• [Exercise requirements] Apart from the pictures, reproduce the data below exactly as it stands.

• [Extracted records]
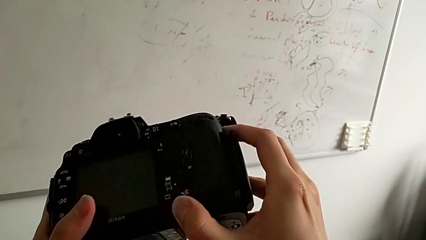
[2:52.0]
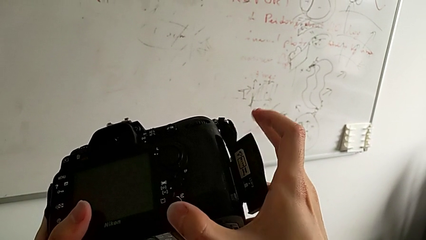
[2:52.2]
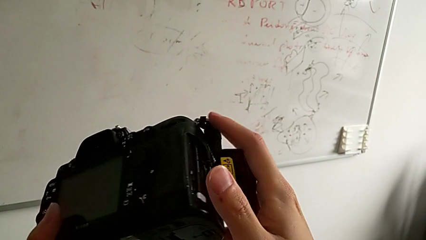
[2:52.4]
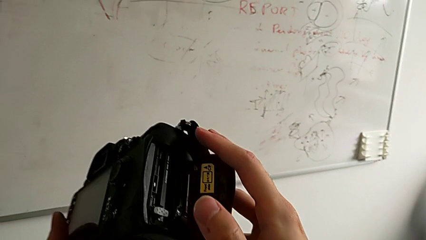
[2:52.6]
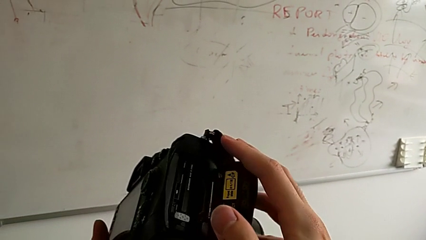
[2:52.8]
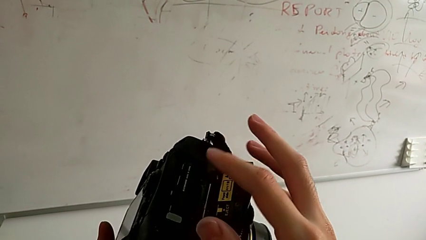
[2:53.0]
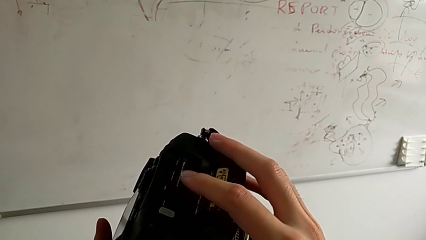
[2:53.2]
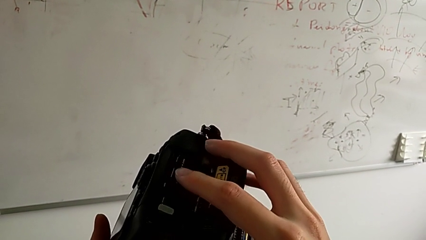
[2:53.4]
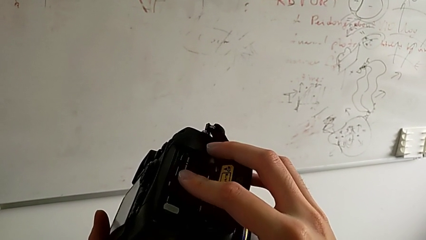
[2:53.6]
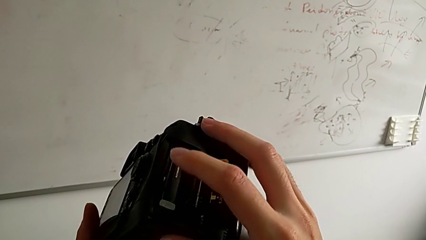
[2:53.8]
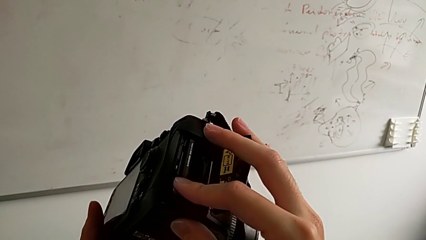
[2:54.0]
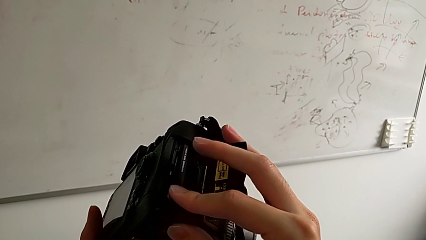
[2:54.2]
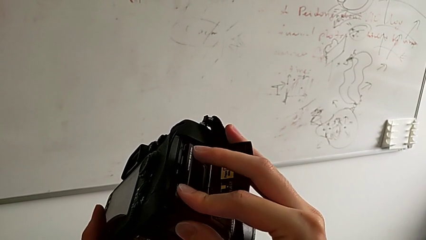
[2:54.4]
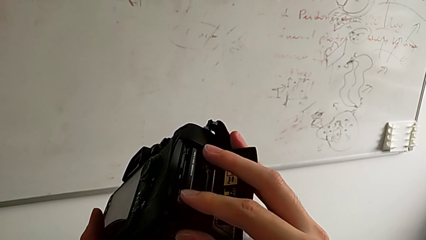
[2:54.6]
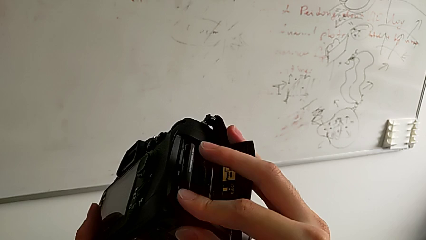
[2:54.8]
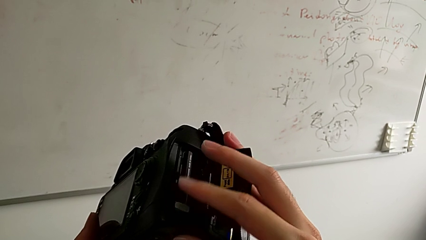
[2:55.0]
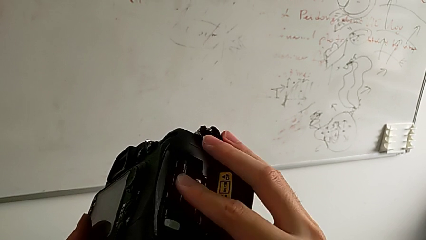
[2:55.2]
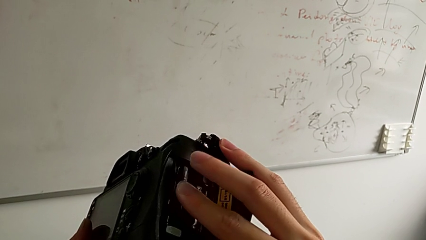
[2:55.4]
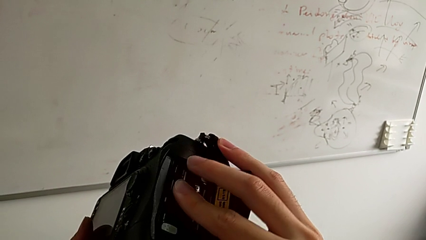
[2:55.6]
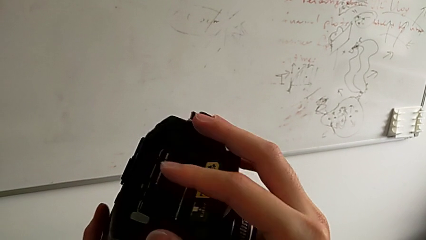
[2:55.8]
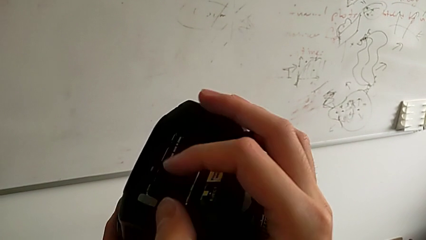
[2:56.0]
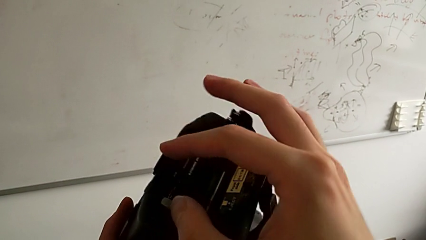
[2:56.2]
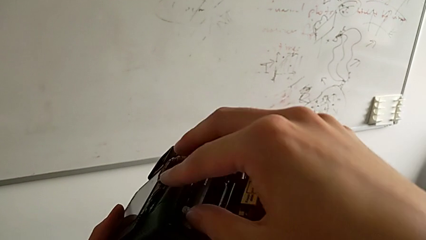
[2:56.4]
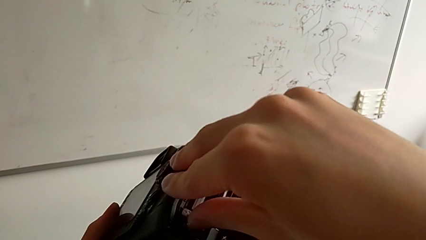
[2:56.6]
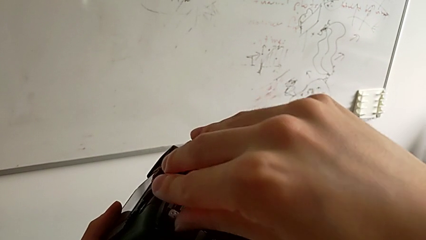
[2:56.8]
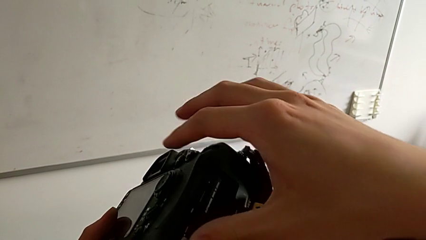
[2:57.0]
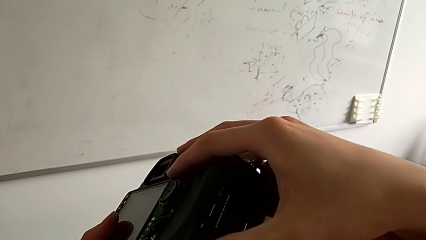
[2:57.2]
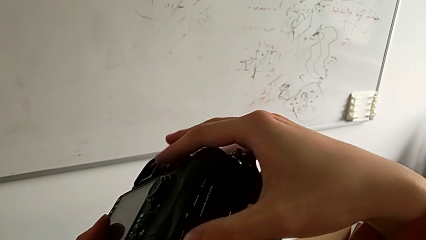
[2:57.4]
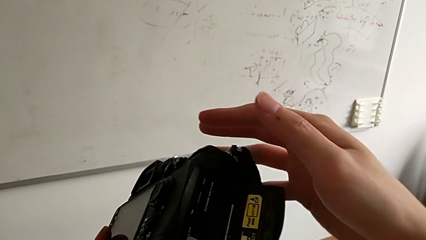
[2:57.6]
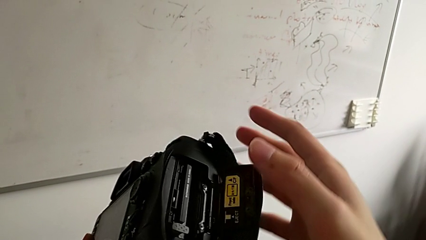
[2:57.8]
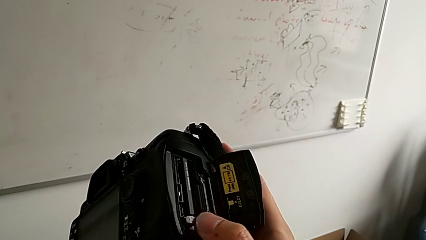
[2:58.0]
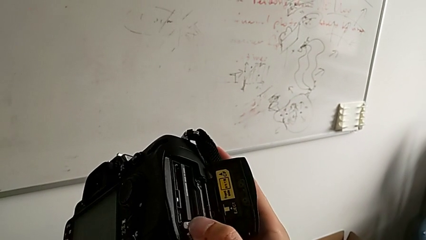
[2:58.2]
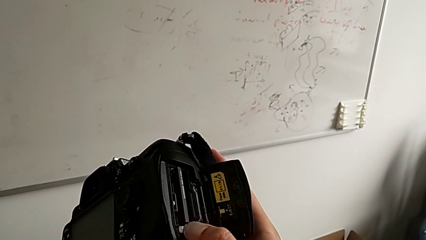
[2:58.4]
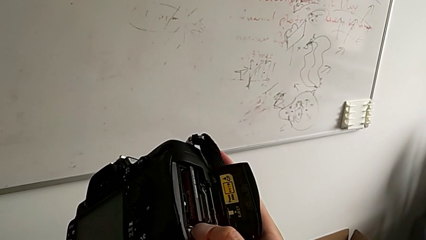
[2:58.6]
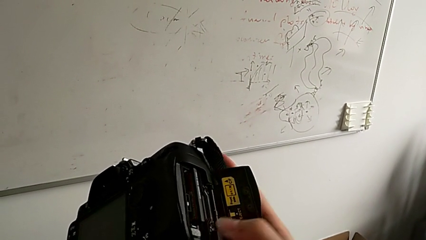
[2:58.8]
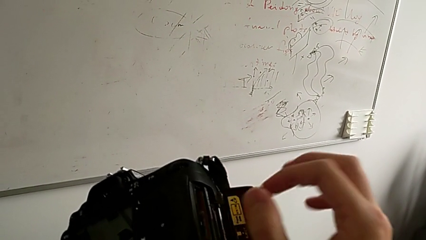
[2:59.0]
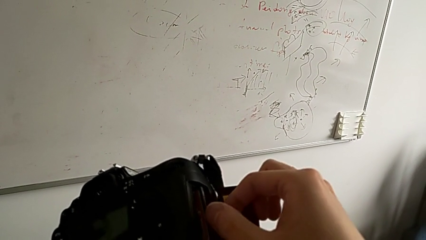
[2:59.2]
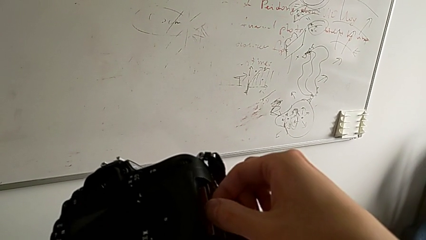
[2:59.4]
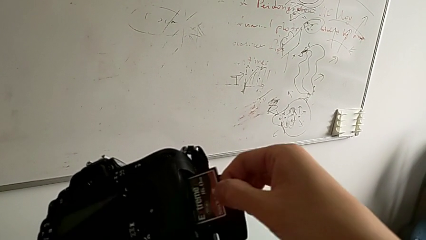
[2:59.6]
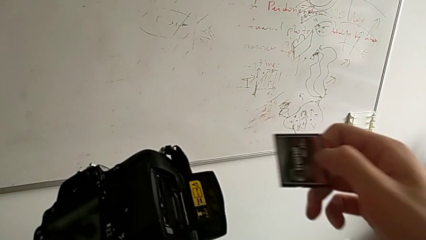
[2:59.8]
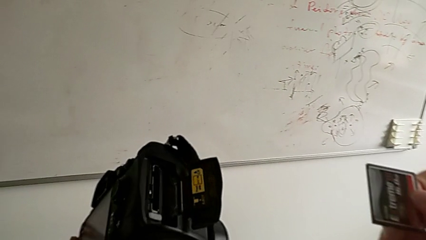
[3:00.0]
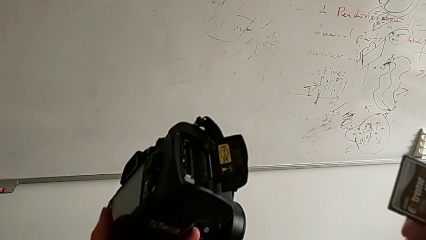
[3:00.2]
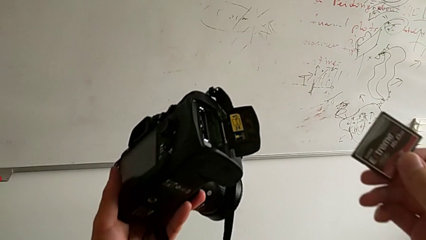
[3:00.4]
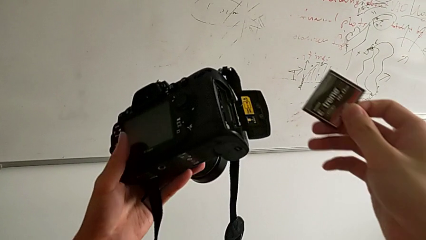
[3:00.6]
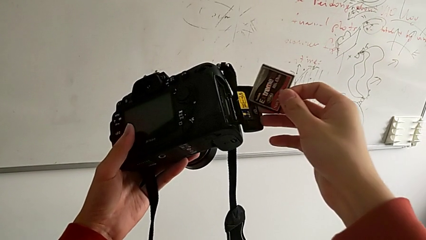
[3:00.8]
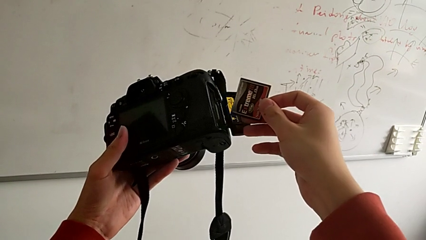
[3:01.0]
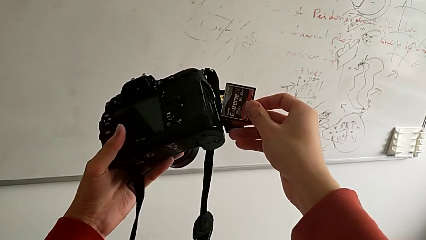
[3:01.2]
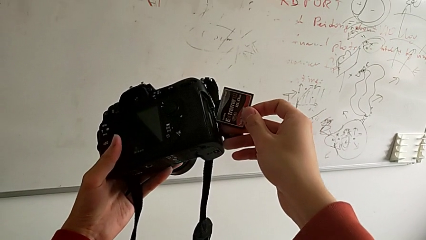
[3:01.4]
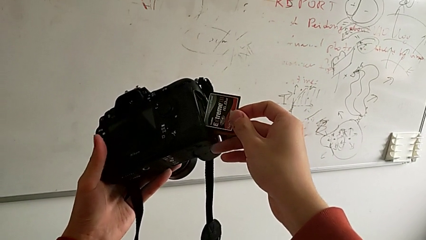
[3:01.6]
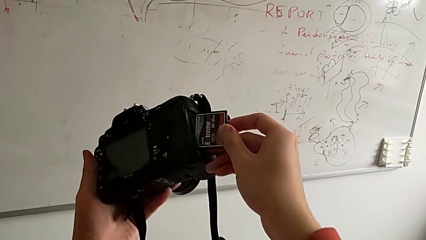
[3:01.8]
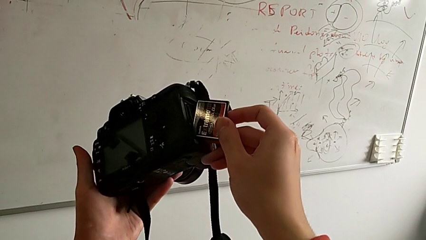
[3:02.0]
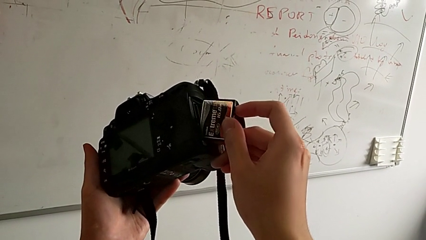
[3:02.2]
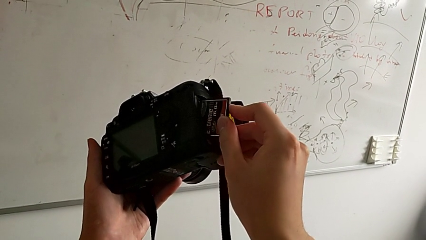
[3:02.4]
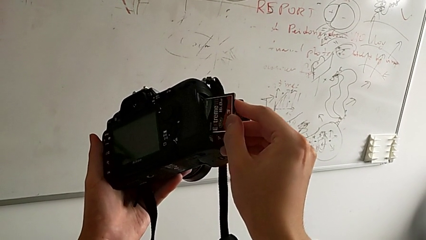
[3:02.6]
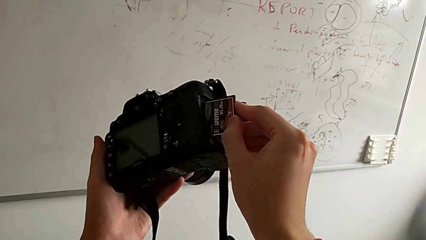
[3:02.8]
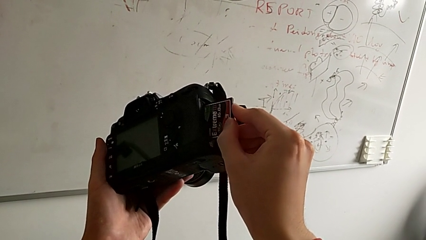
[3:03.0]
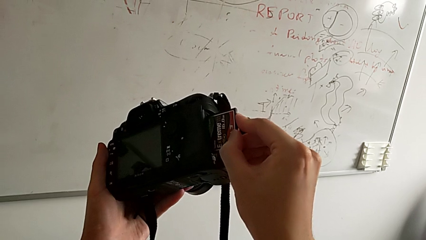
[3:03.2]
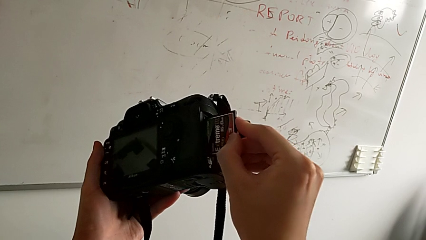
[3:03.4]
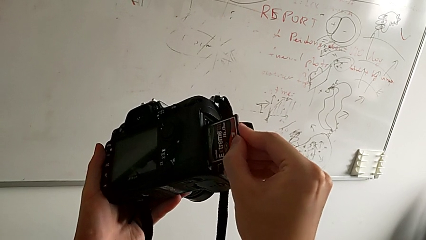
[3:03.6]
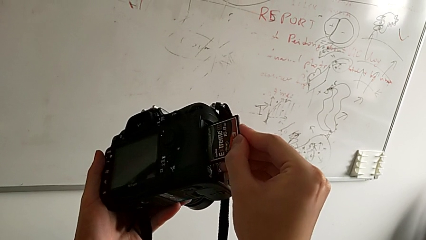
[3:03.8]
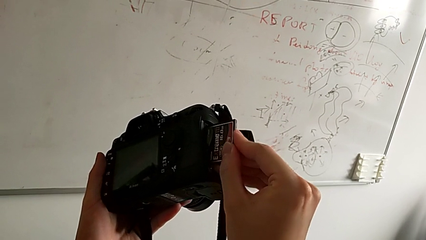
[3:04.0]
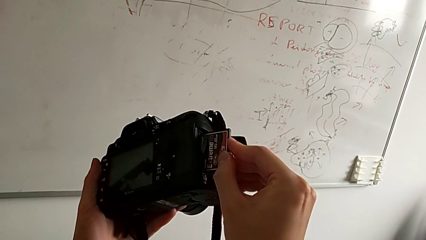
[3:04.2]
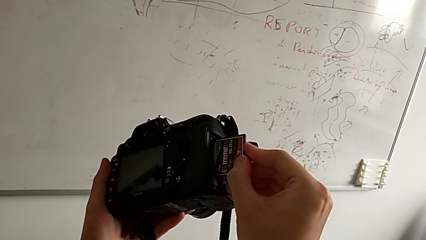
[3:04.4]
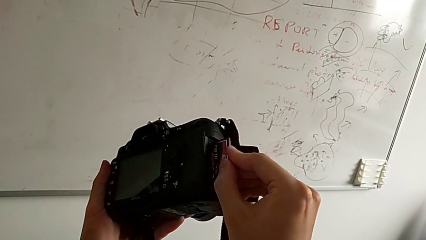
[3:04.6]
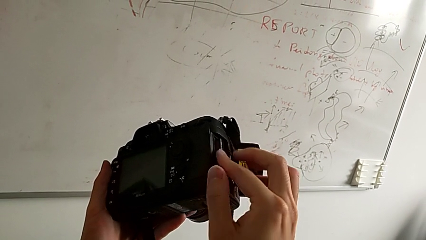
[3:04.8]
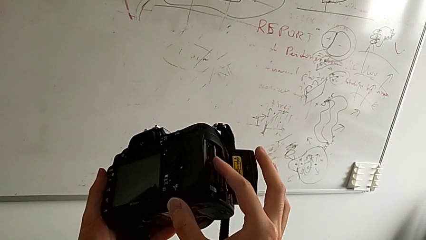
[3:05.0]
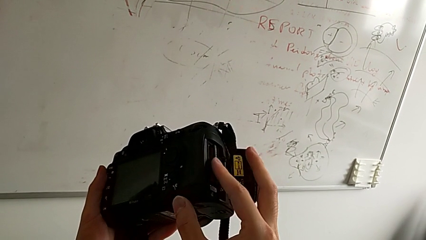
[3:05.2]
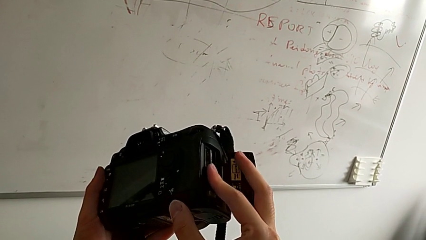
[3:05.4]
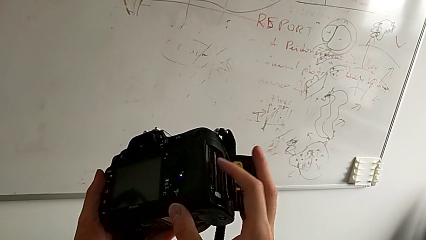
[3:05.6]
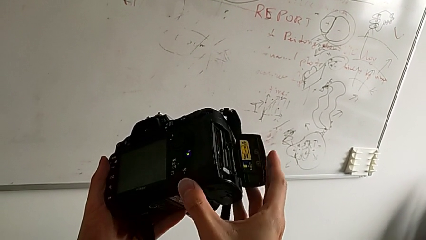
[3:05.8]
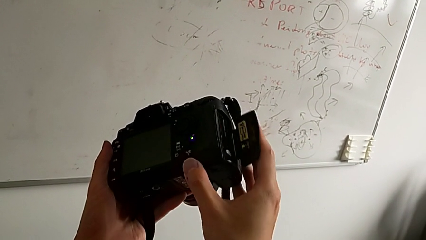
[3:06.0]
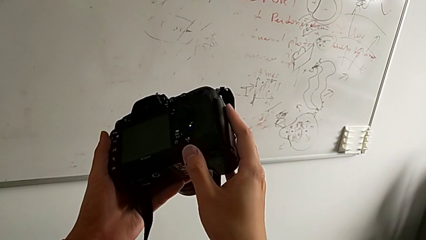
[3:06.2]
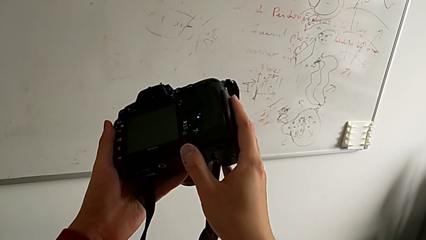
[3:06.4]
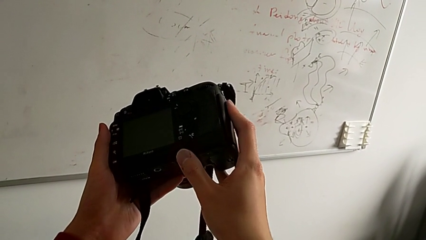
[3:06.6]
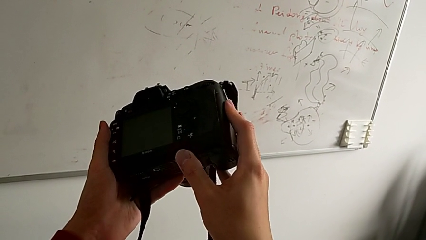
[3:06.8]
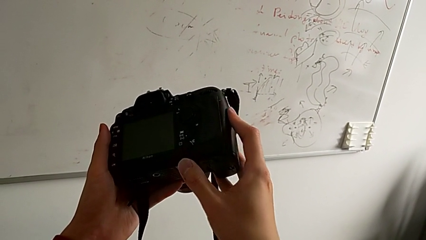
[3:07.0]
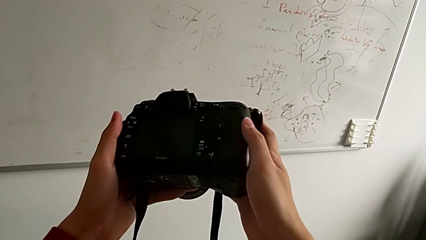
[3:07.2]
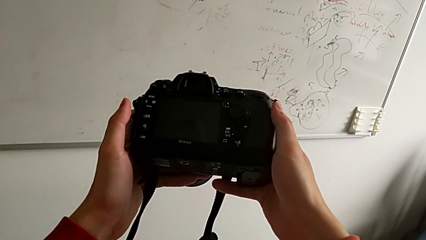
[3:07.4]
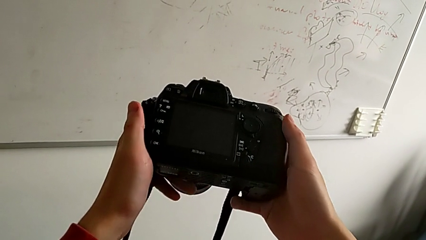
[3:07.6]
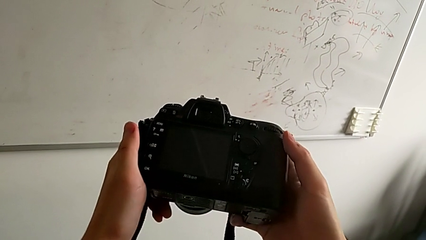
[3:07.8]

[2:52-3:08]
The camera wearer is changing the SD card of the DSLR. They open the SD card, wrongly press it, press the button, withdraw the SD card, insert it, assemble it and close the SD slot.

• [Answer space]
[2:52.0]
[2:52.2]
[2:52.4]
[2:52.6]
[2:52.8]
[2:53.0]
[2:53.2]
[2:53.4]
[2:53.6]
[2:53.8]
[2:54.0]
[2:54.2]
[2:54.4]
[2:54.6]
[2:54.8]
[2:55.0]
[2:55.2]
[2:55.4]
[2:55.6]
[2:55.8]
[2:56.0]
[2:56.2]
[2:56.4]
[2:56.6]
[2:56.8]
[2:57.0]
[2:57.2]
[2:57.4]
[2:57.6]
[2:57.8]
[2:58.0]
[2:58.2]
[2:58.4]
[2:58.6]
[2:58.8]
[2:59.0]
[2:59.2]
[2:59.4]
[2:59.6]
[2:59.8]
[3:00.0]
[3:00.2]
[3:00.4]
[3:00.6]
[3:00.8]
[3:01.0]
[3:01.2]
[3:01.4]
[3:01.6]
[3:01.8]
[3:02.0]
[3:02.2]
[3:02.4]
[3:02.6]
[3:02.8]
[3:03.0]
[3:03.2]
[3:03.4]
[3:03.6]
[3:03.8]
[3:04.0]
[3:04.2]
[3:04.4]
[3:04.6]
[3:04.8]
[3:05.0]
[3:05.2]
[3:05.4]
[3:05.6]
[3:05.8]
[3:06.0]
[3:06.2]
[3:06.4]
[3:06.6]
[3:06.8]
[3:07.0]
[3:07.2]
[3:07.4]
[3:07.6]
[3:07.8]

[2:52-3:08]
The camera wearer is changing the SD card of the DSLR. They open the SD card, wrongly press it, press the button, withdraw the SD card, insert it, assemble it and close the SD slot.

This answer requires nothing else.